Guest Article How A Retirement Plan Committee Equals Prudent Risk ManagementBy Jeb Graham CEBS, CIMA® of CapTrust Financial Advisors, an independent consulting/advisory practice focused on the institutional retirement plan market, serving corporate, closely held, non-profit and governmental organizations. You may contact Jeb at 813.218.5008 or jeb.graham@captrustadv.com. The essence of managing fiduciary liability is prudent decisions made by well informed individuals. The idea that a committee is appropriate for this role is a blinding flash of the obvious. But in this day and age where committees are often put in place for very insignificant matters, why is it that so few employers have such groups established for the purpose of optimizing their retirement plan decisions? Why are committees formed? Generally speaking, there is one of two reasons for a committee: The organization needs to formulate decision alternatives on particular subject matter but is lacking knowledge, experience or expertise. A committee is formed to gather information and develop the necessary knowledge. The second reason is there is a general level of knowledge, but the decisions are sufficiently important that it is prudent to have multiple perspectives. All too often committees are formed for political rather than practical reasons, and the participants may end up resentful of the time commitment and lack of accomplishment. A common problem is the committee not producing results, but instead simply producing process, where in most cases, results are the objective.

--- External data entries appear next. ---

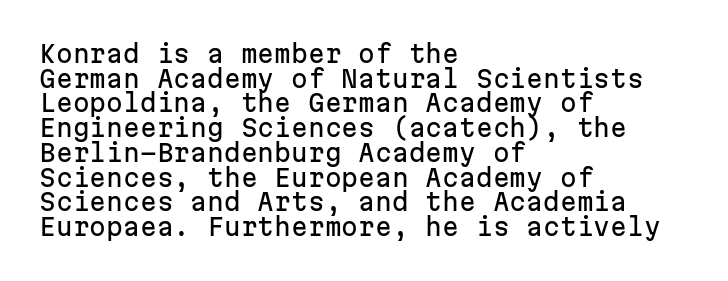
{"italic": "no", "underline": "no", "align": "left", "line_spacing": "tight", "line_spacing_ratio": 1.03, "letter_spacing": "normal", "letter_spacing_em": 0.0, "glyph_px": 24}
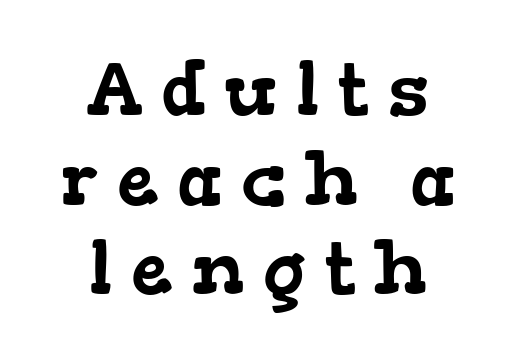
{"serif": "yes", "width": "wide", "stroke_contrast": "low", "x_height": "medium", "monospaced": "no", "underline": "no", "align": "center", "line_spacing_ratio": 1.21, "letter_spacing": "wide", "letter_spacing_em": 0.25, "glyph_px": 74}
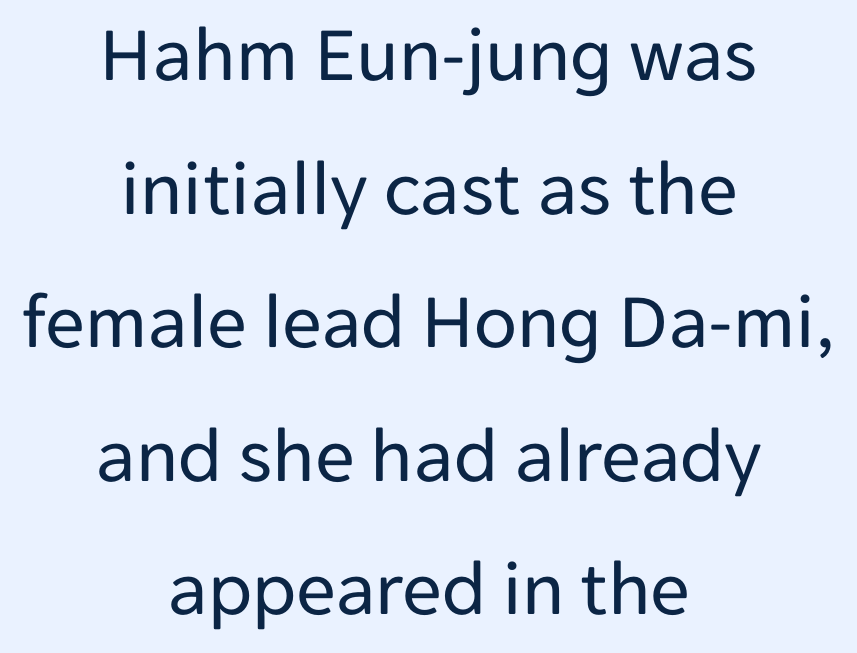
The image shows 79 px regular-weight sans-serif type, upright; set centered, normal line spacing (1.69x), normal letter spacing, not underlined; low stroke contrast and a medium x-height.
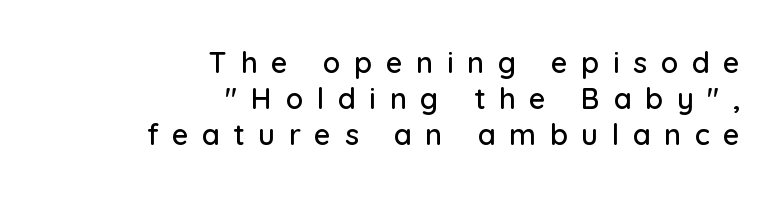
The image shows 29 px sans-serif type, upright; set right-aligned, line spacing 1.24x, unusually wide letter spacing (+0.47 em), not underlined; low stroke contrast and a medium x-height.

One of the few real world situations where process is more important than results is the world of fiduciary liability associated with retirement plans under the rules of ERISA... An effective committee, with well informed members, combined with sound policy and documented process is one of the best defenses against fiduciary liability. Are such retirement plan committees common? It depends on standards applied to consideration of the "committee." While many employers may have designated a team of individuals as decision makers for their retirement plan, it is rare to see a retirement plan committee that is well conceived, organized and consistently well run. The reasons for such a void, despite the apparent logic and reason, are likely a result of several common problems that are consistent across all industries and types of employers.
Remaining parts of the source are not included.